WHAT YOU WILL DO: Repeat the records below exactly. Omit the pictures.

————

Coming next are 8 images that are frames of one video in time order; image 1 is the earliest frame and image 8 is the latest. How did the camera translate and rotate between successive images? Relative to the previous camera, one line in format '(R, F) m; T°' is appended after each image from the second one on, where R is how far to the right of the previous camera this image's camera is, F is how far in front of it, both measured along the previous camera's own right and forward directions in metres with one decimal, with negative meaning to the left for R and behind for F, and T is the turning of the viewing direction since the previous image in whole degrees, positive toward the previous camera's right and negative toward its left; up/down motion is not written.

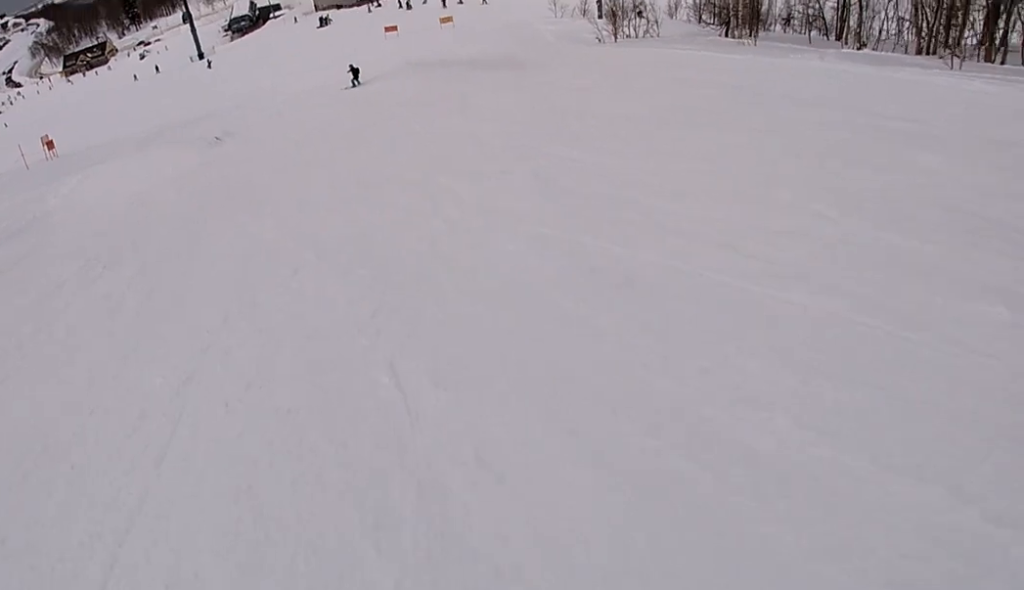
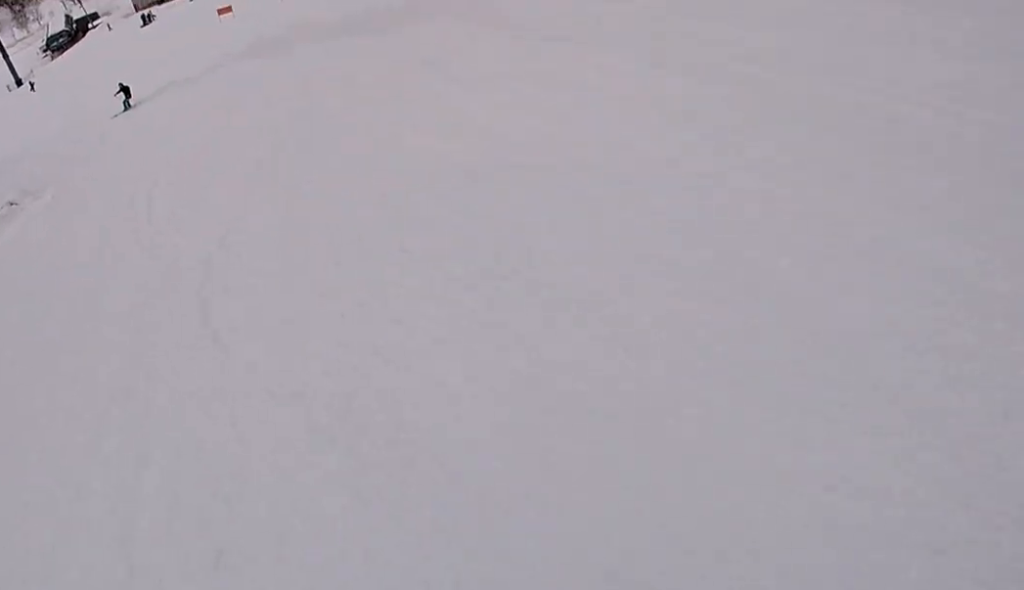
(+0.5, +7.4) m; +10°
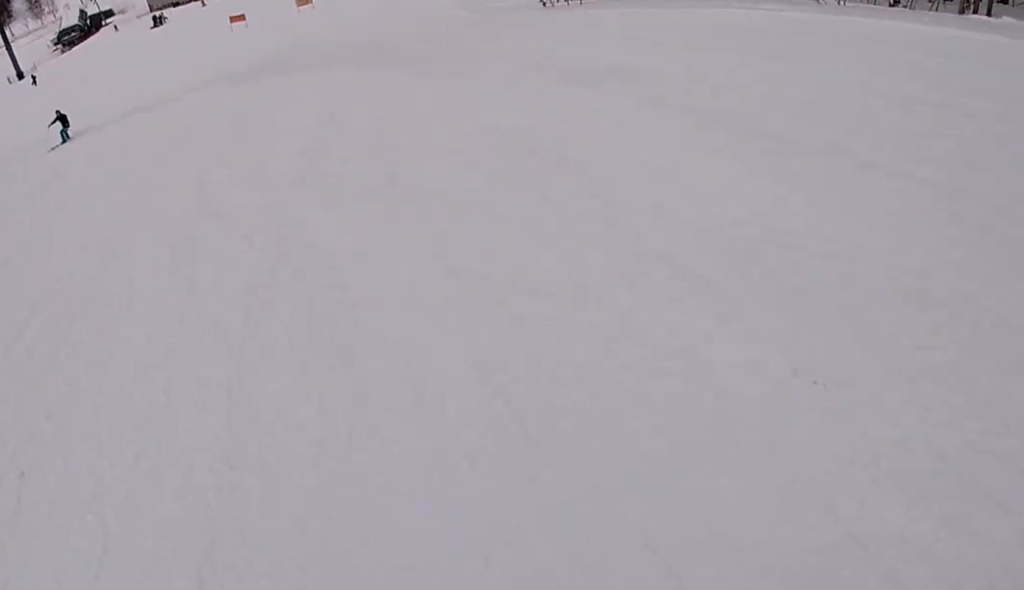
(+0.5, +4.7) m; +7°
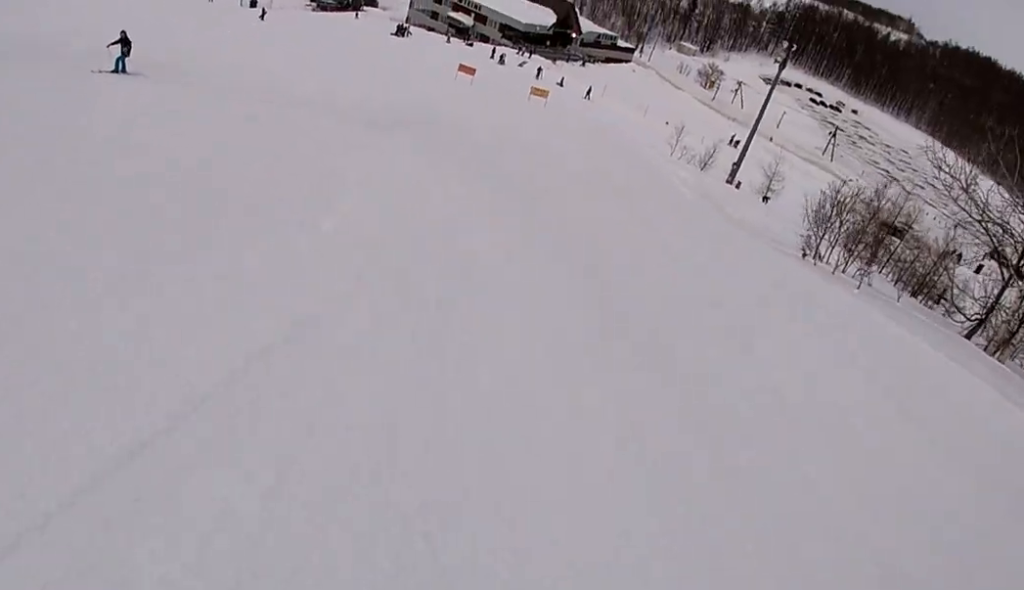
(+0.6, +6.7) m; -2°
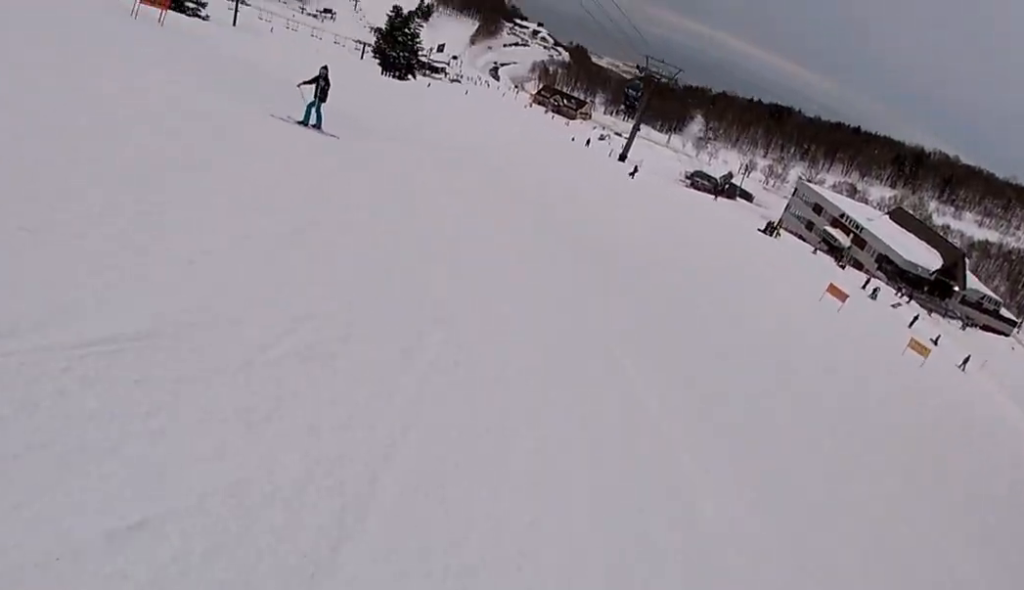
(-0.4, +7.5) m; -14°
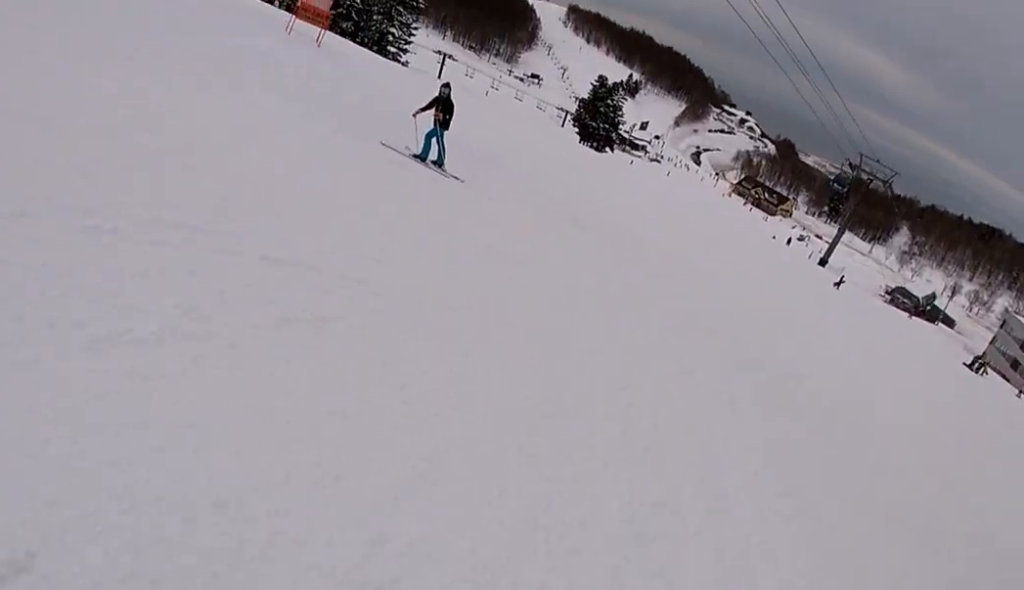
(-0.6, +4.1) m; -12°
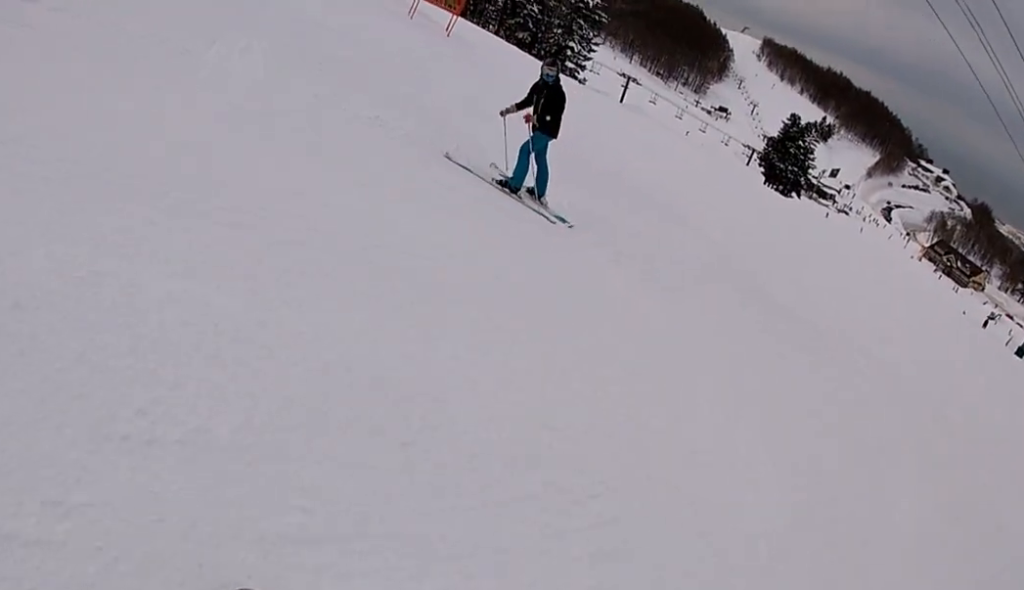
(-0.6, +5.0) m; -14°
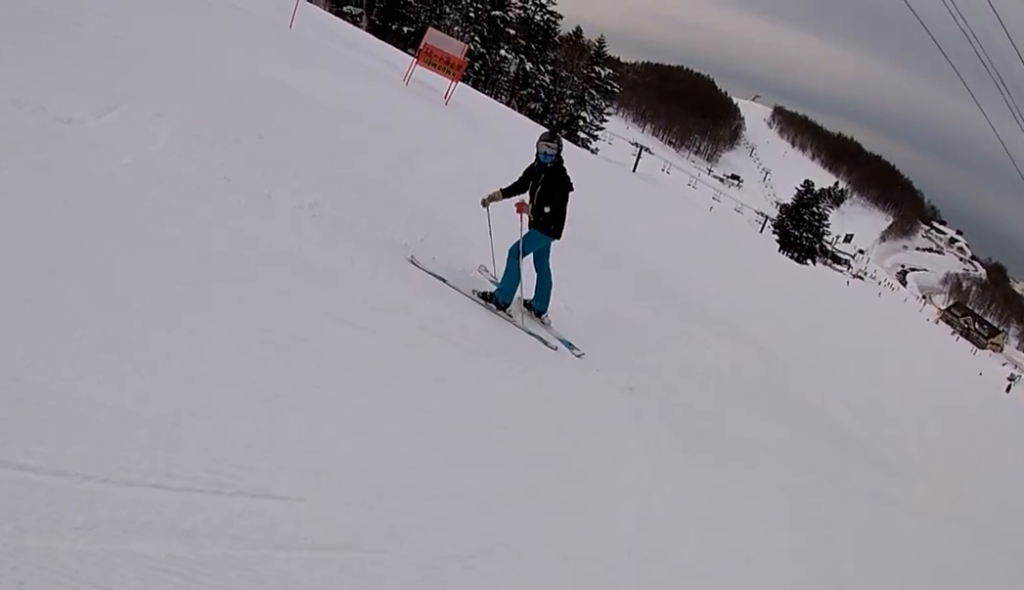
(-0.1, +2.4) m; -11°
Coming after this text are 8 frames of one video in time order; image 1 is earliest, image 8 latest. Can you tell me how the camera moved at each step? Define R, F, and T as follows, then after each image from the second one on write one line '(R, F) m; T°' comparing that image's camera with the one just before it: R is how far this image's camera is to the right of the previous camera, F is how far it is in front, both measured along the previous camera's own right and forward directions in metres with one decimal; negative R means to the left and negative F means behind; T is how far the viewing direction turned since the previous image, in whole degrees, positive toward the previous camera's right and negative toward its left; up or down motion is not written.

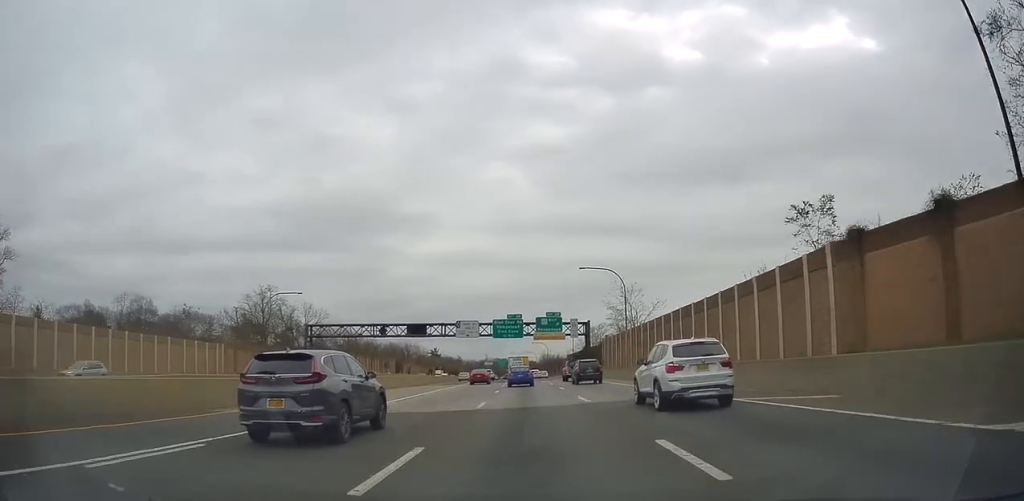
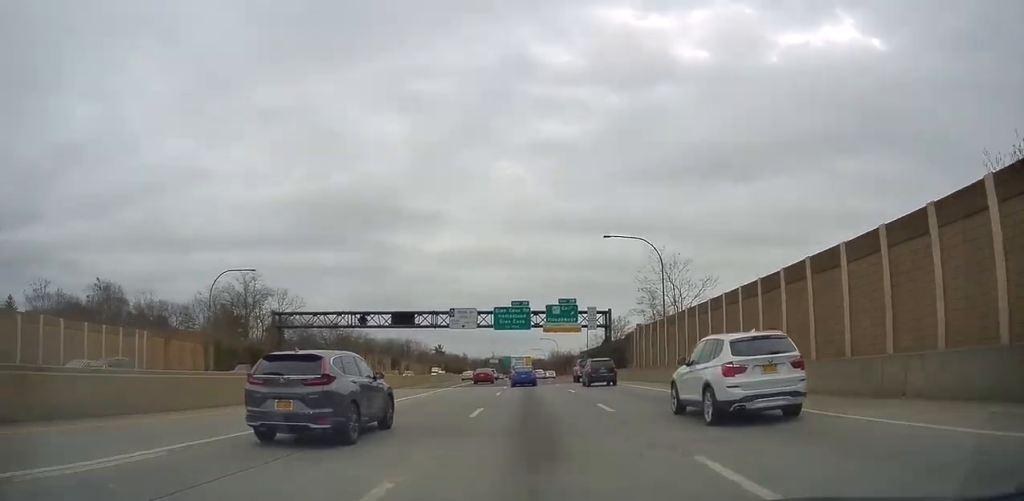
(-0.1, +16.6) m; -1°
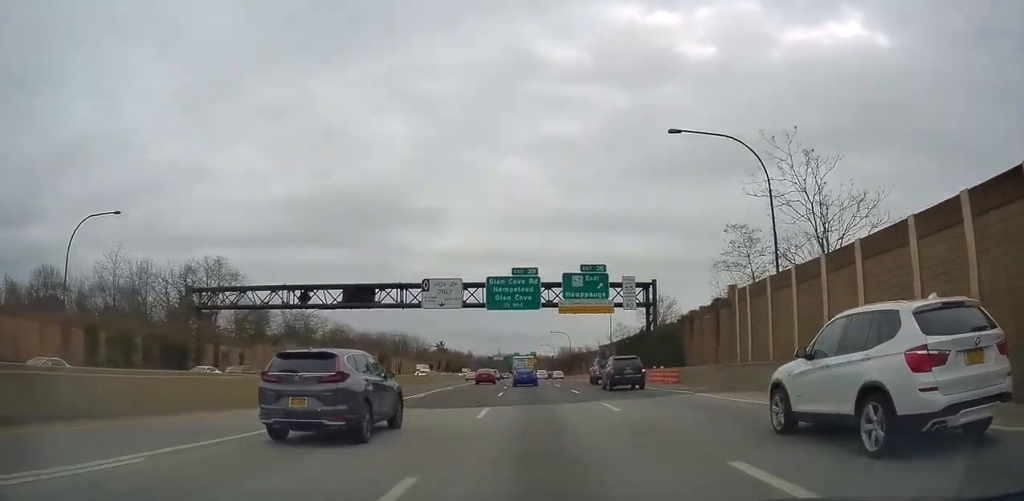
(-0.3, +25.0) m; -1°
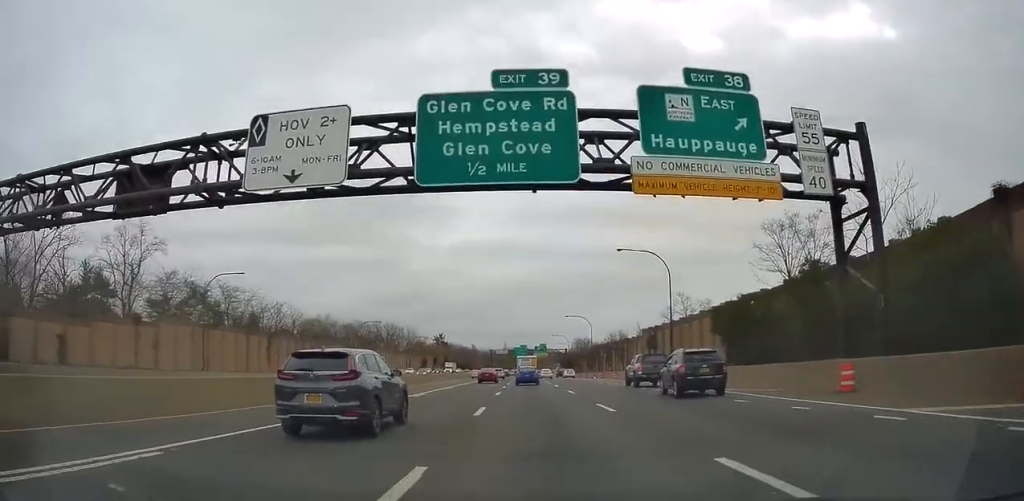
(-0.4, +36.5) m; -2°
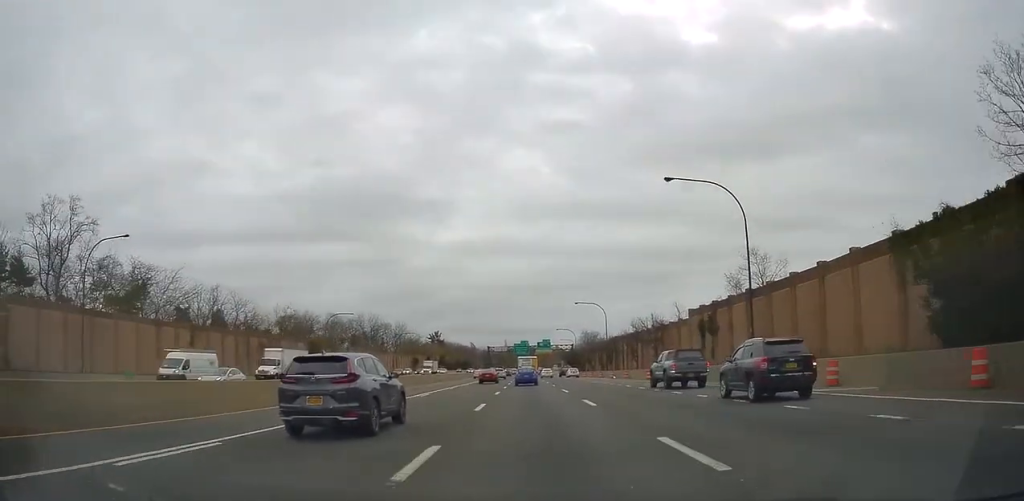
(-0.3, +21.7) m; -1°
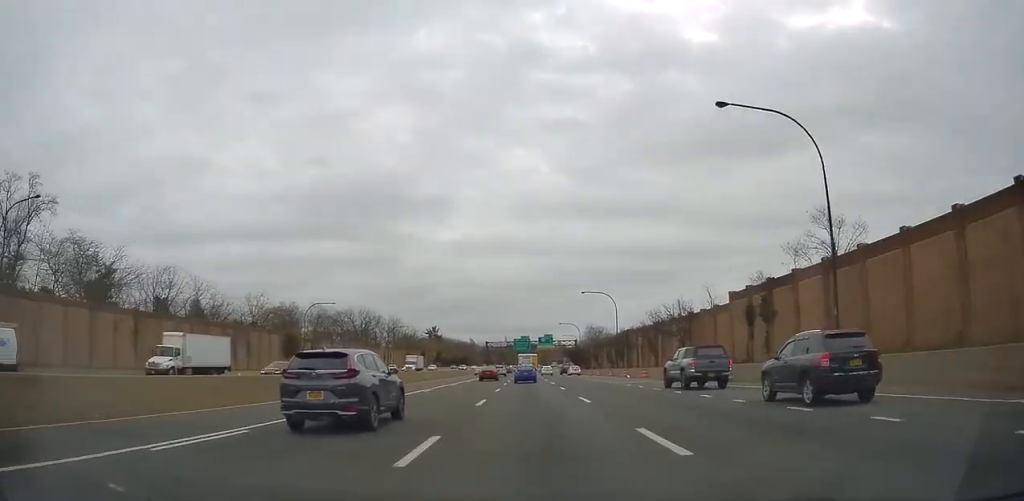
(-0.2, +11.0) m; 0°
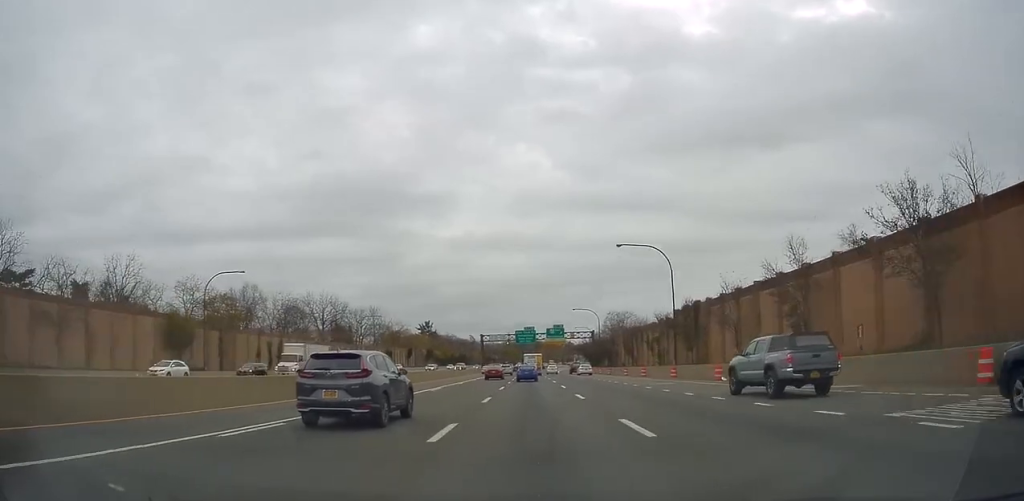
(+0.3, +33.3) m; +1°
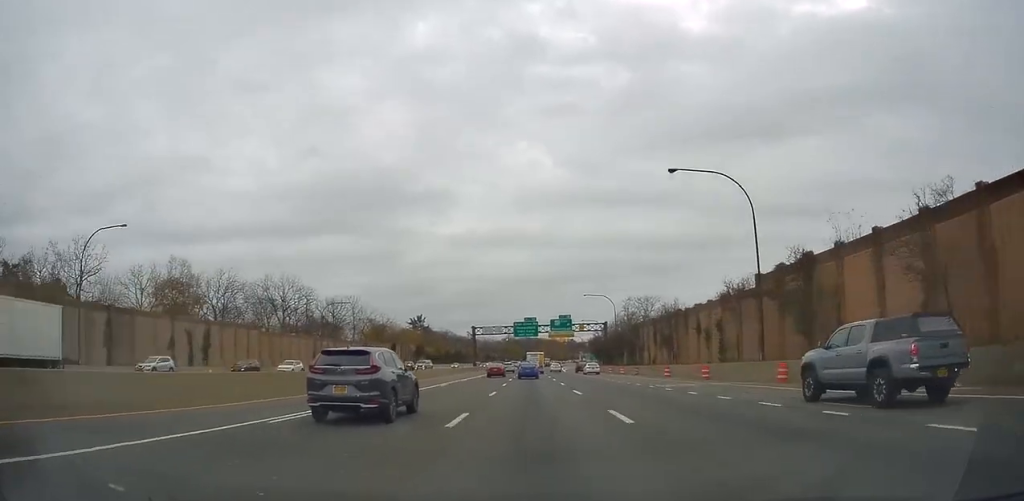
(0.0, +21.7) m; -1°

————

RESULT FOR THIS EXERCISE:
Coming next are 8 images that are frames of one video in time order; image 1 is the earliest frame and image 8 is the latest. How did the camera translate and rotate between successive images? Relative to the previous camera, one line in format '(R, F) m; T°' is appended after each image from the second one on, where R is how far to the right of the previous camera this image's camera is, F is how far in front of it, both measured along the previous camera's own right and forward directions in metres with one decimal, with negative meaning to the left for R and behind for F, and T is the turning of the viewing direction since the previous image in whole degrees, positive toward the previous camera's right and negative toward its left; up/down motion is not written.

(+0.5, +7.4) m; +10°
(+0.5, +4.7) m; +7°
(+0.6, +6.7) m; -2°
(-0.4, +7.5) m; -14°
(-0.6, +4.1) m; -12°
(-0.6, +5.0) m; -14°
(-0.1, +2.4) m; -11°
Coming after this text are 8 frames of one video in time order; image 1 is earliest, image 8 latest. Can you tell me how the camera moved at each step? Define R, F, and T as follows, then after each image from the second one on write one line '(R, F) m; T°' comparing that image's camera with the one just before it: R is how far this image's camera is to the right of the previous camera, F is how far it is in front, both measured along the previous camera's own right and forward directions in metres with one decimal; negative R means to the left and negative F means behind; T is how far the viewing direction turned since the previous image, in whole degrees, positive toward the previous camera's right and negative toward its left; up or down motion is not written.

(-0.1, +16.6) m; -1°
(-0.3, +25.0) m; -1°
(-0.4, +36.5) m; -2°
(-0.3, +21.7) m; -1°
(-0.2, +11.0) m; 0°
(+0.3, +33.3) m; +1°
(0.0, +21.7) m; -1°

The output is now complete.